Maximizing console surgeon independence during robot-assisted renal surgery by using the Fourth Arm and TilePro.

PURPOSE We describe multiple uses of the fourth robotic arm and TilePro on the da Vinci S surgical system to maximize console surgeon independence from the assistant during robot-assisted renal surgery. MATERIALS AND METHODS We prospectively evaluated the use of the fourth robotic arm and TilePro on the da Vinci S during robot-assisted radical nephrectomy (RRN) and robot-assisted partial nephrectomy (RPN). The fourth robotic arm was used to provide kidney retraction, place the renal hilum on stretch, control vascular structures, apply and remove bulldog clamps during partial nephrectomy, and secure renal capsular stitches. TilePro was used to project intraoperative ultrasonography and preoperative CT images onto the console screen.
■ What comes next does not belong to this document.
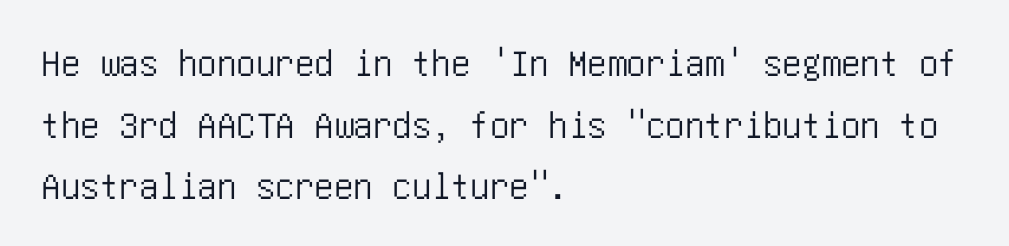
Glance below the letters and you will spot only blank space. When letters stand straight like this, we call the style roman or upright. Quick note: interline space is typical. These lines are set flush left with a ragged right edge.

RESULTS From January 2006 to June 2008, 90 robot-assisted kidney procedures were performed, of which the fourth robotic arm was used in 46 cases (RRN, 18; RPN, 24; nephroureterectomy, 4). The fourth robotic arm facilitated consistent kidney retraction for dissection of the renal hilum and mobilization of the kidney. The robotic Hem-o-Lok clip applier effectively controlled renal hilar vessels during eight RPN cases and secured renal capsular stitches during two RPN cases. Bulldog clamps were successfully applied to the renal artery during RPN using the fourth arm in two cases. TilePro was used during 22 RPN cases to project intraoperative ultrasonographic images and preoperative CT images onto the console screen as a picture-on-picture image to guide tumor resection. CONCLUSIONS Robotic instruments used with the fourth robotic arm may give the console surgeon greater independence from the assistant during robot-assisted kidney surgery by facilitating steps such as kidney retraction, hilar dissection, and vascular control. The TilePro feature of the da Vinci S can be used to project intraoperative ultrasonography and preoperative imaging onto the console screen, potentially guiding tumor localization and resection during RPN without the need to leave the console to view external images.